### Available data
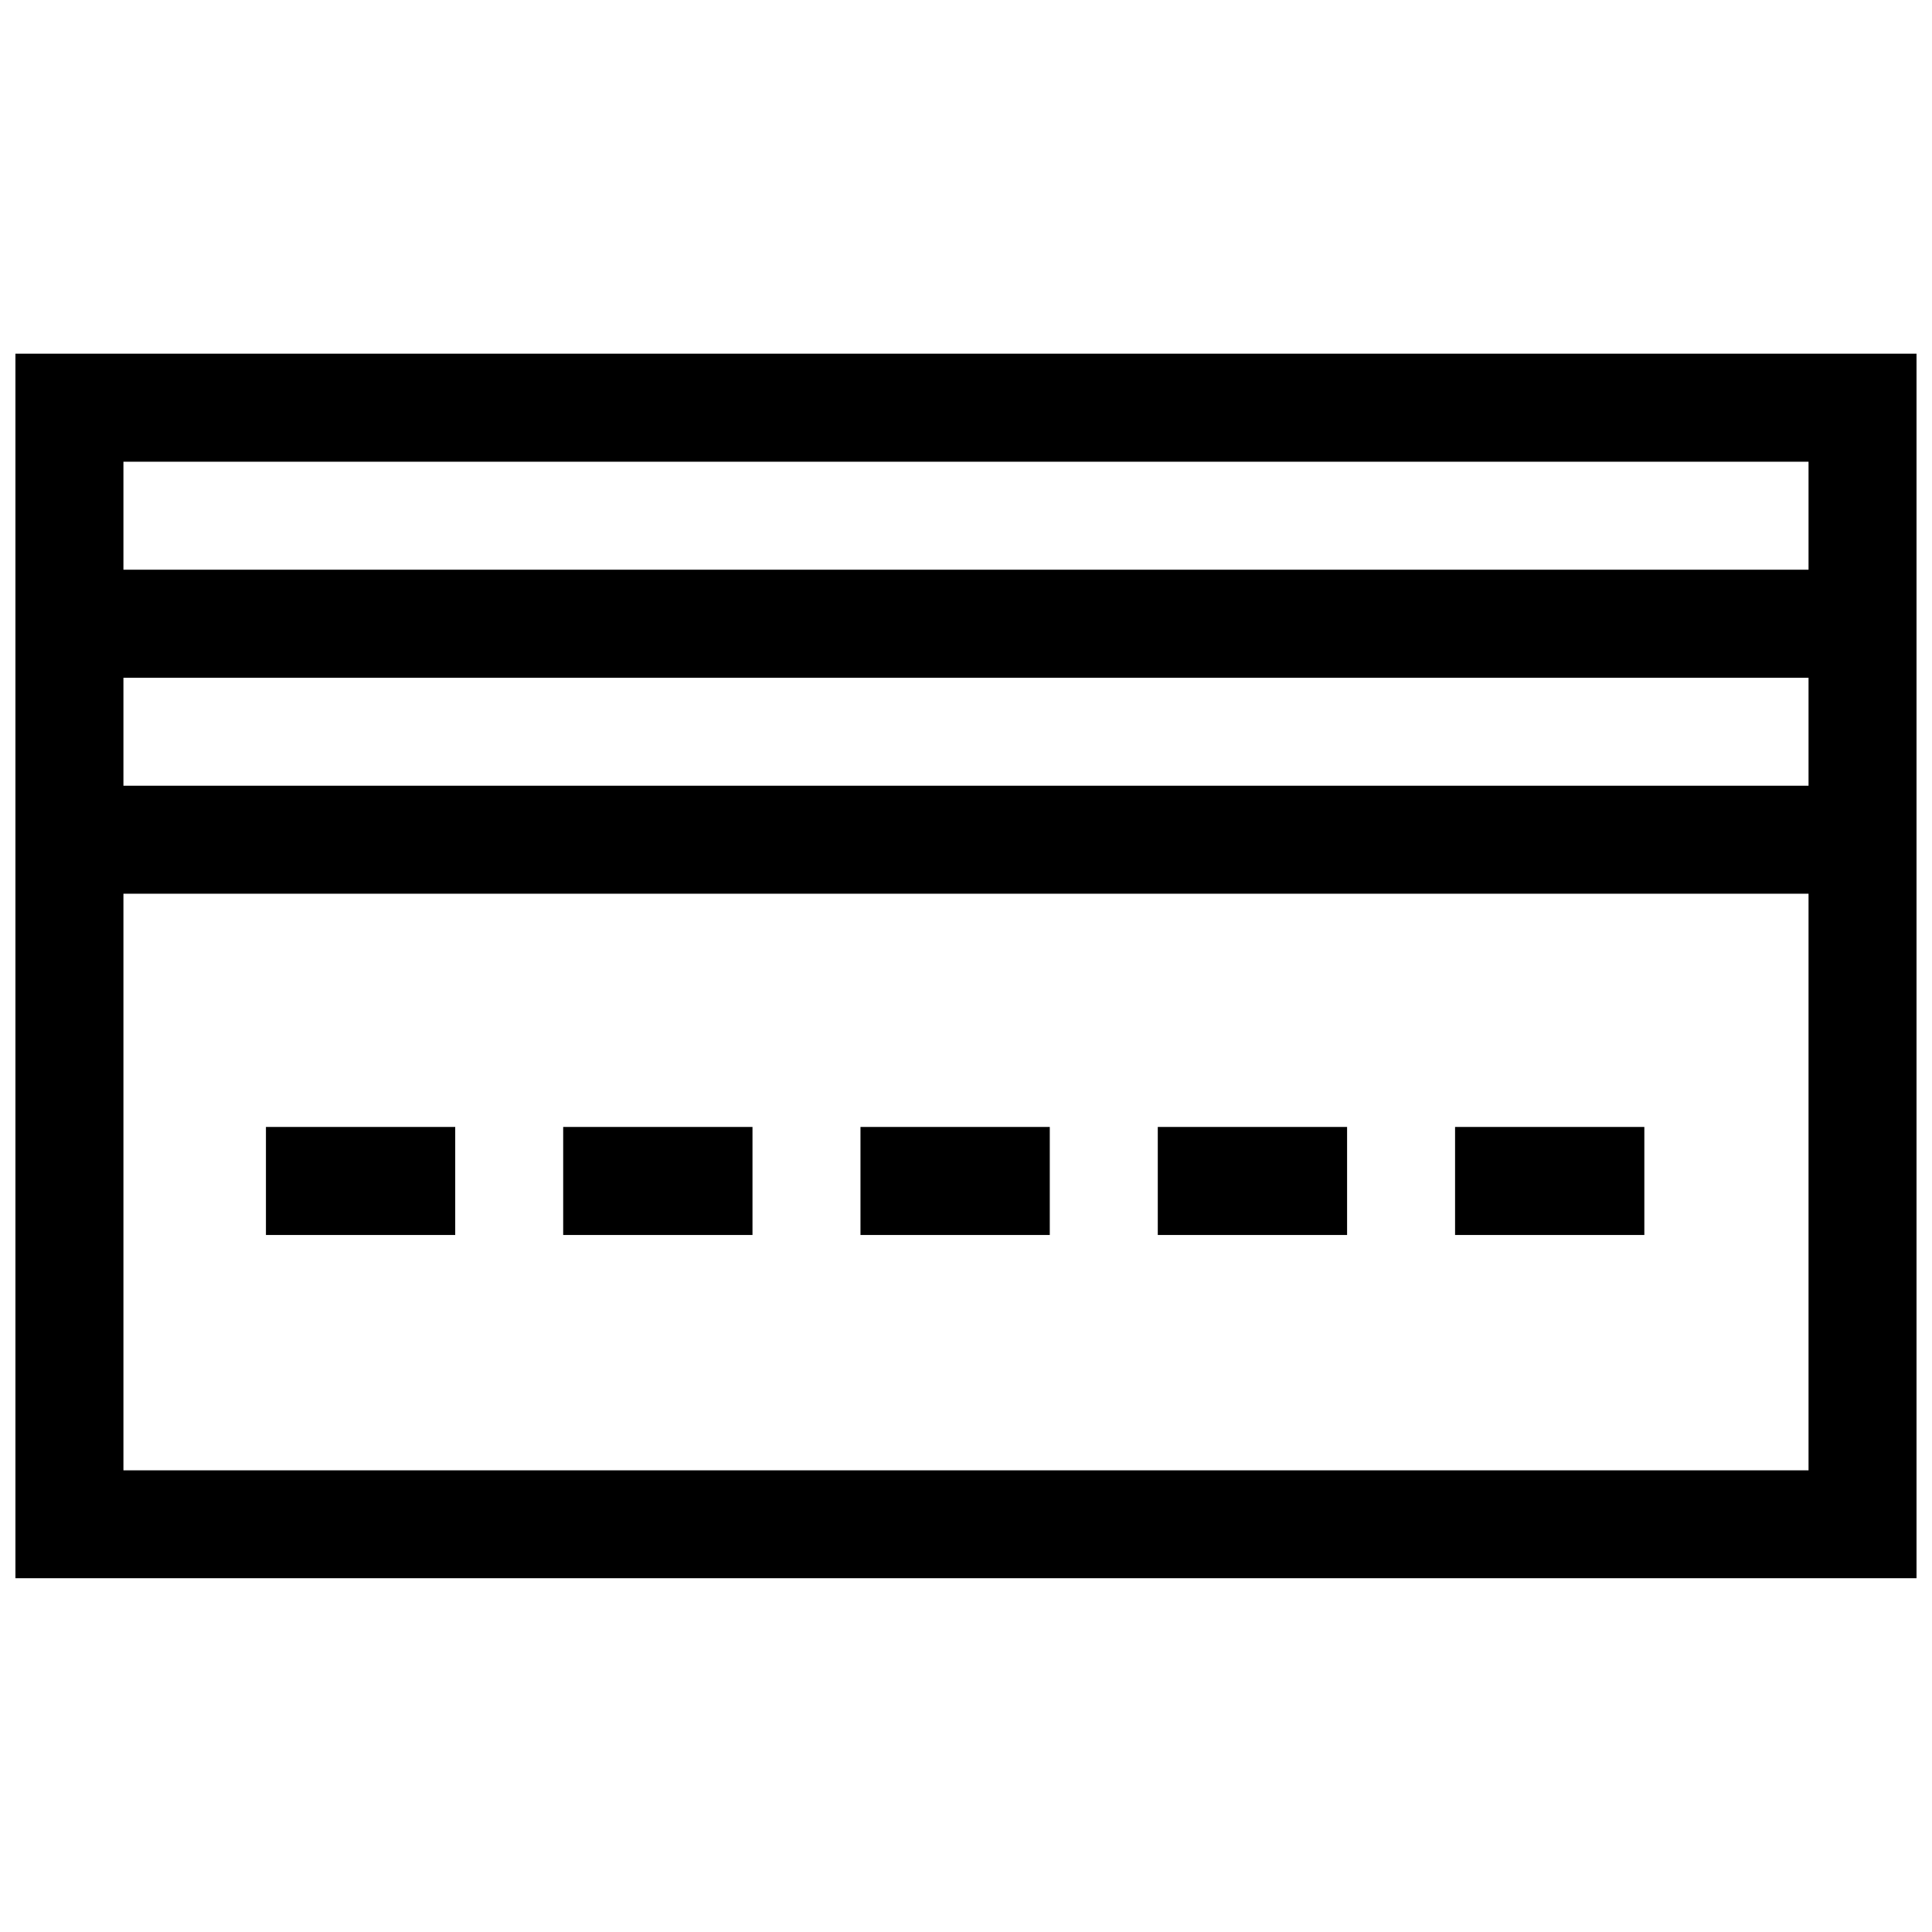 <?xml version="1.0" encoding="UTF-8"?>
<!-- Uploaded to: SVG Repo, www.svgrepo.com, Generator: SVG Repo Mixer Tools -->
<svg width="800px" height="800px" version="1.1" viewBox="144 144 512 512" xmlns="http://www.w3.org/2000/svg">
 <defs>
  <clipPath id="a">
   <path d="m148.09 237h503.81v326h-503.81z"/>
  </clipPath>
 </defs>
 <g clip-path="url(#a)">
  <path d="m623.28 294.98h-446.57v-28.617h446.57zm0 57.242h-446.57v-28.617h446.57zm-446.57 28.629h446.57v152.8l-446.57-0.004zm87.926 90.434v-28.625l-50.16-0.004v28.625zm28.613-28.629v28.625h50.168v-28.625zm78.785 0v28.625h50.168v-28.625zm78.789 0v28.625h50.168v-28.625zm78.785 0v28.625h50.16v-28.625zm122.29 119.61v-324.54h-503.81v324.52h503.81z" fill-rule="evenodd"/>
 </g>
</svg>

### Task description
Although the records above contain pictures, output every line exactly and leave the pictures out.

### Response to the task
 <?xml version="1.0" encoding="UTF-8"?>
<!-- Uploaded to: SVG Repo, www.svgrepo.com, Generator: SVG Repo Mixer Tools -->
<svg width="800px" height="800px" version="1.1" viewBox="144 144 512 512" xmlns="http://www.w3.org/2000/svg">
 <defs>
  <clipPath id="a">
   <path d="m148.09 237h503.81v326h-503.81z"/>
  </clipPath>
 </defs>
 <g clip-path="url(#a)">
  <path d="m623.28 294.98h-446.57v-28.617h446.57zm0 57.242h-446.57v-28.617h446.57zm-446.57 28.629h446.57v152.8l-446.57-0.004zm87.926 90.434v-28.625l-50.16-0.004v28.625zm28.613-28.629v28.625h50.168v-28.625zm78.785 0v28.625h50.168v-28.625zm78.789 0v28.625h50.168v-28.625zm78.785 0v28.625h50.16v-28.625zm122.29 119.61v-324.54h-503.81v324.52h503.81z" fill-rule="evenodd"/>
 </g>
</svg>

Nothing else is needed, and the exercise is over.